(Beginning of Study material)
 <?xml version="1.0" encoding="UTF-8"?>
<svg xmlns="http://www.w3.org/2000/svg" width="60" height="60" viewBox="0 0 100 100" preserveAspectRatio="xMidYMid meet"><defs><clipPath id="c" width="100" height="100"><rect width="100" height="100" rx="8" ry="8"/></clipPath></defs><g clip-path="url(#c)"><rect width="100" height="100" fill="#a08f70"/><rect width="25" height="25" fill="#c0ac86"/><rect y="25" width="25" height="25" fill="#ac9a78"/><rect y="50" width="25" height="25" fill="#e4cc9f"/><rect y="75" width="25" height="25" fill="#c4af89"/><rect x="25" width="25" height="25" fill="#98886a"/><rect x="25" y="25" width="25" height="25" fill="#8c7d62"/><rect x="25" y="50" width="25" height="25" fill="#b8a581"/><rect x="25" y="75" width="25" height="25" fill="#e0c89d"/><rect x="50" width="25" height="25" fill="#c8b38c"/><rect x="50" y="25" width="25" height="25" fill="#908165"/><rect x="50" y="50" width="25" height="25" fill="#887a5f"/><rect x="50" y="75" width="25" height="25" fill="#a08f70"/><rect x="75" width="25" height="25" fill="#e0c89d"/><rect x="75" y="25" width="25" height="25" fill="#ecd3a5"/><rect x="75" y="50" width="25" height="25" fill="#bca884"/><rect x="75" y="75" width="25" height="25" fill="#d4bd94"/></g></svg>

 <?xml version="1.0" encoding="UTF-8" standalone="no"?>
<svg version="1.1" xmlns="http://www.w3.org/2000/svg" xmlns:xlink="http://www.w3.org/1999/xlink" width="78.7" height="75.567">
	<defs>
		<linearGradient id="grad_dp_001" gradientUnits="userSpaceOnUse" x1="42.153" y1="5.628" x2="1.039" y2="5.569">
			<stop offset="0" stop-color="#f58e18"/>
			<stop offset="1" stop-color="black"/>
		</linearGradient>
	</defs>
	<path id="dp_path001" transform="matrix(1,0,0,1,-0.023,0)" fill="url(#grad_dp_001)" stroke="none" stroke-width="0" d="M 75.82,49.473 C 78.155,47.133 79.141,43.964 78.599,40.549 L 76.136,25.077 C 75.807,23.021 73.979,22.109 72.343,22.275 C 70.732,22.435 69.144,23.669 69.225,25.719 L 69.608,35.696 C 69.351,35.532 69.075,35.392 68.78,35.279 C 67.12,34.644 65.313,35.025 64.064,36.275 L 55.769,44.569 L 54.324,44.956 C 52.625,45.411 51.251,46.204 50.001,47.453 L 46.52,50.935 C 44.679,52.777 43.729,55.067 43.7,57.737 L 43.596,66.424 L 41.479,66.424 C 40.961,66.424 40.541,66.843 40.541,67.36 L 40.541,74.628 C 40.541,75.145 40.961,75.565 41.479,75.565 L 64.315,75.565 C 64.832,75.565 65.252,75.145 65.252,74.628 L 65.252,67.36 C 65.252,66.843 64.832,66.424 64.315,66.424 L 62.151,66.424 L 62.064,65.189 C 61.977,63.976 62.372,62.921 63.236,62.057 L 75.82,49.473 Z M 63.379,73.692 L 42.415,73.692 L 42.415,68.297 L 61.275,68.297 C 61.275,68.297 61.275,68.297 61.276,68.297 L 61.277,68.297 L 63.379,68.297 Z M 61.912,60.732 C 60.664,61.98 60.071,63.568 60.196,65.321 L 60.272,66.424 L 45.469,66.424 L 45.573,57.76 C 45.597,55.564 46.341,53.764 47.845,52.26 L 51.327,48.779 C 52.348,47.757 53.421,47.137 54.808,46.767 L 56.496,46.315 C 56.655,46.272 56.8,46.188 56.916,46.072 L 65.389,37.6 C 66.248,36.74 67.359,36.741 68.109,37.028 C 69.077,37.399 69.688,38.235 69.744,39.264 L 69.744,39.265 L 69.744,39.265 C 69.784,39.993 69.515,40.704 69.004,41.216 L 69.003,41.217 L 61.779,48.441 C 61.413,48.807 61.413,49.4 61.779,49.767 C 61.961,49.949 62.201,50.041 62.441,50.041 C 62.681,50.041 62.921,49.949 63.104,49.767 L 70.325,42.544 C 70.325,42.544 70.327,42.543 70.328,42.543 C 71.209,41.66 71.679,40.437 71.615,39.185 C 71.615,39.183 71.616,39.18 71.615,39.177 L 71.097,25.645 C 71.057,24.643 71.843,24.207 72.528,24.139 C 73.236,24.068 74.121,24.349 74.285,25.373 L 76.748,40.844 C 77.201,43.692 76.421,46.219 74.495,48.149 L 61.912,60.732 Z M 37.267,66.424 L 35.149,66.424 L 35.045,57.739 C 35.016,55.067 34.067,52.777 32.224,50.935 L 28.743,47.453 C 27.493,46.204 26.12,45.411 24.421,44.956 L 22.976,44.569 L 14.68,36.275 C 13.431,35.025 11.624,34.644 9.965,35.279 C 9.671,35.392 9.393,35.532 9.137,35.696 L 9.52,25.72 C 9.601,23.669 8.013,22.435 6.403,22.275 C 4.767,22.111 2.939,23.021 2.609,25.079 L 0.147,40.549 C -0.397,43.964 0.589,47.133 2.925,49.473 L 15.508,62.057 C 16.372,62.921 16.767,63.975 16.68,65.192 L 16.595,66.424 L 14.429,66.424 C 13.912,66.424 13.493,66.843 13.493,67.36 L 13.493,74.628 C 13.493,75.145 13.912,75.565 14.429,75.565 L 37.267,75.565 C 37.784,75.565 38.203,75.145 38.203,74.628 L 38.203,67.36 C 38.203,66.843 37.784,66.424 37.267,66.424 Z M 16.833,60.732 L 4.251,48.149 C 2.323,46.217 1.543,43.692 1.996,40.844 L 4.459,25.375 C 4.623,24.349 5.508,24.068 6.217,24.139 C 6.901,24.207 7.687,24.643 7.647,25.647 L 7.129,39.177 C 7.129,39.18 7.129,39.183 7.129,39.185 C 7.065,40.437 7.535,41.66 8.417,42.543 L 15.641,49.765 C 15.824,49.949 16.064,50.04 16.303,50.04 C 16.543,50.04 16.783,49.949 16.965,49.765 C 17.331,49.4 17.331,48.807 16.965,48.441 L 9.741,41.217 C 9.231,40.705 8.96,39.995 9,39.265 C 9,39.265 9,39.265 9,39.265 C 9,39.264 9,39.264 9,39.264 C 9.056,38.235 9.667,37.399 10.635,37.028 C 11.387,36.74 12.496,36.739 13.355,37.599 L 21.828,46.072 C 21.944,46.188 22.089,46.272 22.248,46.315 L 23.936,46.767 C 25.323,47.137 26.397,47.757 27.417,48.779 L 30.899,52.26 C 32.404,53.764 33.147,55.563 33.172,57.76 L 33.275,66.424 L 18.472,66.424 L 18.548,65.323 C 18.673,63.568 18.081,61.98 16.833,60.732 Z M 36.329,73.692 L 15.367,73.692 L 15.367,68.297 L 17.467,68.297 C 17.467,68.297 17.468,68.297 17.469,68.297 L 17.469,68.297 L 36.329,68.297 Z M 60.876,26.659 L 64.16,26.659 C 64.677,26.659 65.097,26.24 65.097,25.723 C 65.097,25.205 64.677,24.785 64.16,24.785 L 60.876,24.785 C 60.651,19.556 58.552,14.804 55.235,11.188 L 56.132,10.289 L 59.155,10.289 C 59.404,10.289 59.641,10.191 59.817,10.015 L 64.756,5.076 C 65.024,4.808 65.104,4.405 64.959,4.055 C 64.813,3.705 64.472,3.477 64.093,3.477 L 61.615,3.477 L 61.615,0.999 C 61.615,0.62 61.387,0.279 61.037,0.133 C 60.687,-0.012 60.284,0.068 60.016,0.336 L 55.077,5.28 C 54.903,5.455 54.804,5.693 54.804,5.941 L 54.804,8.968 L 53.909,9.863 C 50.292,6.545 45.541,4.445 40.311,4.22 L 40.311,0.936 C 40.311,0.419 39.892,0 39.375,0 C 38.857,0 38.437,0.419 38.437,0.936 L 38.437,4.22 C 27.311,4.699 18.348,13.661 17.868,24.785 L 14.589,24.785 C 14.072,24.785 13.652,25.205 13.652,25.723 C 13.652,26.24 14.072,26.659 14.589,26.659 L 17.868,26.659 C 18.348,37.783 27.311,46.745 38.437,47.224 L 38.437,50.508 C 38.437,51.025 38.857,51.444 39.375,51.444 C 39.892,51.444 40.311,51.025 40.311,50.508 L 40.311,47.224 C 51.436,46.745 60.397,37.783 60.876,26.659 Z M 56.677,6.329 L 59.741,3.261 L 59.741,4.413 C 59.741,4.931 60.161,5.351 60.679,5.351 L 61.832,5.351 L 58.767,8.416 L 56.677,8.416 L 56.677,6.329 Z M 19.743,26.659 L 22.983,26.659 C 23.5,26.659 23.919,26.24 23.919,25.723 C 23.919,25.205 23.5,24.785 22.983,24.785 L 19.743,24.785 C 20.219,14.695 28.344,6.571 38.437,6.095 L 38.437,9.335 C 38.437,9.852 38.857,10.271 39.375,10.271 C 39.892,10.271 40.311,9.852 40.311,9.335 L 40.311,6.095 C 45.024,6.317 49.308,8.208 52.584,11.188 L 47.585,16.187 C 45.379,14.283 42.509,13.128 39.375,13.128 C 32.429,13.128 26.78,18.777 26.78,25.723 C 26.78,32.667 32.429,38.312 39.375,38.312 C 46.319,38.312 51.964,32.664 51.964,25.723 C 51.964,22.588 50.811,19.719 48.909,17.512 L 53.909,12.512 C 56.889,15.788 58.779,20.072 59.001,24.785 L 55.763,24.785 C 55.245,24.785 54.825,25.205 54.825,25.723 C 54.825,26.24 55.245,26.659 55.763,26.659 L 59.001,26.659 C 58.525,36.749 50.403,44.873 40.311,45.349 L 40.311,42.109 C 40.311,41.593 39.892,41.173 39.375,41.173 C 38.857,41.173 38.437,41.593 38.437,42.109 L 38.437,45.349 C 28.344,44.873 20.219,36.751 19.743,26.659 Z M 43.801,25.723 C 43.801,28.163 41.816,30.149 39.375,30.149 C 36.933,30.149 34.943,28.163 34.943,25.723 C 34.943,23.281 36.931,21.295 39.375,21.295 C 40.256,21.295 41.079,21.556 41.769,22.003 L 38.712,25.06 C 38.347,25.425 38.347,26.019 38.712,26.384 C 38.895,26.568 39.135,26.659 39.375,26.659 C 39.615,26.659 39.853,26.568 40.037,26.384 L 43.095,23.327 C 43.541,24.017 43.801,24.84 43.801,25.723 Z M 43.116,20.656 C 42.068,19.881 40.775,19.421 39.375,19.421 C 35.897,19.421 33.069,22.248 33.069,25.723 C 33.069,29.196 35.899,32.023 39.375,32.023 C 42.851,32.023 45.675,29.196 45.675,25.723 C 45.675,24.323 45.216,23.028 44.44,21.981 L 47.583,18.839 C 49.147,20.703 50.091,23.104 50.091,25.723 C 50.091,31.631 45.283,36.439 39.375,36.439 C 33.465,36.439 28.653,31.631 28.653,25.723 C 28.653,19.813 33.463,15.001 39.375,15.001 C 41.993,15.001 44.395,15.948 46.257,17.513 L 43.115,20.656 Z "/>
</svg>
(End of Study material)
◆ Task to complete
Report every line in the data that holds "encoding", copying each one.

◆ Answer space
 <?xml version="1.0" encoding="UTF-8"?>
 <?xml version="1.0" encoding="UTF-8" standalone="no"?>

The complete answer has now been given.